The present challenge arises because the Centers for Medicare and Medicaid Services (CMS) has issued guidance for handling MSAs based in WC cases, but not for MSAs based in third-party liability cases.

Why does guidance matter?

From a legal perspective, not having official governmental guidance for setting the parameters of legally binding agreements (like an MSA) can open liability and other vulnerabilities for everyone involved in the liability case:

  • From the CMS perspective, with no guidelines available to direct MSA development within a liability case, the agency may make inappropriate Medicare payments to cover treatments that are, by law or contract, the obligation of the legally designated primary payor. Without guidelines preventing that occurrence, CMS may then be forced to declare the payments it did make as conditional only and pursue their collection through sometimes expensive legal proceedings.
  • With no mandate requiring the establishment of an MSA in any liability case, Medicare beneficiaries who elect to forego the MSA opportunity in their case may:
    • have CMS deny future claims;
    • be forced to prove that they have spent the equivalent of 100% of the settlement on injury-related medical costs before further Medicare benefits are made available, or
    • lose their Social Security disability benefits until the full value of the MSA claim is satisfied.
  • Attorneys also face challenges. As fiduciaries, they are obligated to follow the law but when the law is unclear, ambiguous or, as in this case, absent, the lawyers made may be held liable to their Medicare-beneficiary clients for failing to appropriately counsel them about the risks of not considering establishing an MSA in the settling phase of their liability case.

 

How to handle the void of regulation

While all MSAs are voluntary, including WCMSAs, not all cases should have one, not even LMSAs, even when the guidelines for its establishment are clear.

 

The main determiners for creating an MSA are:

  • the need for funding for future medical care costs for a particular type of injury, and
  • the status of the particular injured person.

Future versus current medical care costs

As in a WC injury, injuries sustained in a liability case don't always require long-term medical care.

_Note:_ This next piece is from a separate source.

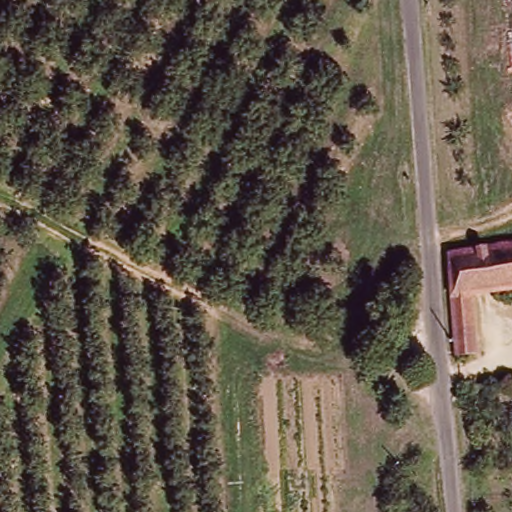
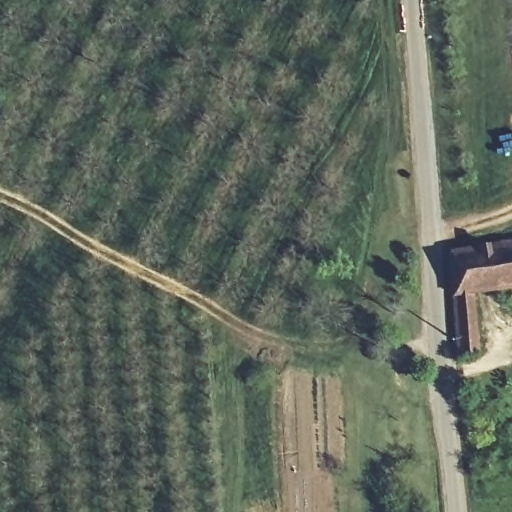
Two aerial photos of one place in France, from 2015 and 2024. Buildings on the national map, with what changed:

Broken bones, for example, that don't also have co-occurring nerve or muscle damage will often heal back to their pre-break state and require no additional medical coverage after that process is complete. When those injuries also include ongoing or irreparable nerve damage, muscle damage or other long-term health concerns, an MSA might be the best option to ensure that the appropriate funding is available to cover the costs of that care.

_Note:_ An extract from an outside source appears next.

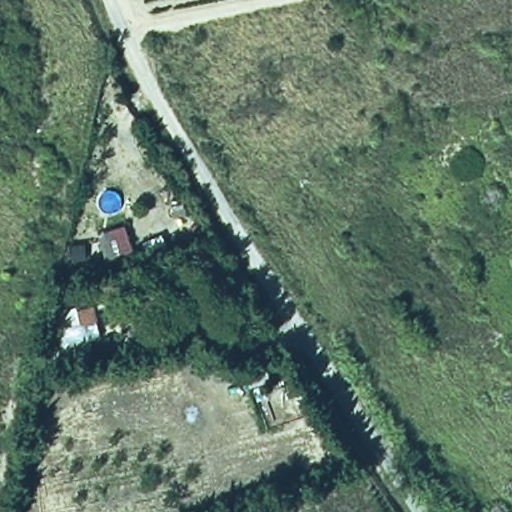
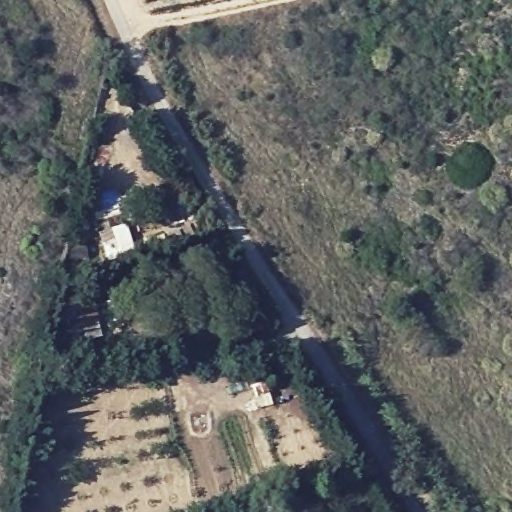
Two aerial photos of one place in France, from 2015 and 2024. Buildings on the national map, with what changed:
unchanged [(92,343),(94,363),(75,366),(72,356),(58,356),(52,304),(92,298),(100,340),(92,343)]

The type and duration of the injury are relevant factors regardless of whether it happened on the job site or in a liability scenario.

The status of the injured person

Medicare coverage is only available for people who are already eligible to receive it (currently age 65 years), or who will become eligible within a reasonable period (during which ongoing treatment for the injury is expected). Ergo, if the injured person is only 45 years old and the injury is expected to heal completely within two years, then the MSA is unnecessary.

On the other hand, if the injured person is 64 years old at the time of the incident, and the injury is expected to take two years to heal, then setting up an MSA to cover the costs of care after Medicare kicks in might be a wise choice.

 

Prudence is the best course

Whether an injury occurs because of a workplace incident or through the fault of another party, having access to appropriate medical care is critical for the injured person to recover fully and regain their previous lifestyle. Despite having no direct guidance as yet from CMS about the necessity or appropriateness of an MSA in a third-party liability case, every person should perform a careful evaluation of both the cause of their injury, its short- or long-term prognosis, and the costs of its medical care before deciding an MSA is not for them. While there's no drawback to setting up the account as a prudent act of self-care, there may be significant drawbacks if it turns out that CMS will indeed have an interest in payouts for that injury and that interest wasn't considered when the financial resolution of the liability case occurred.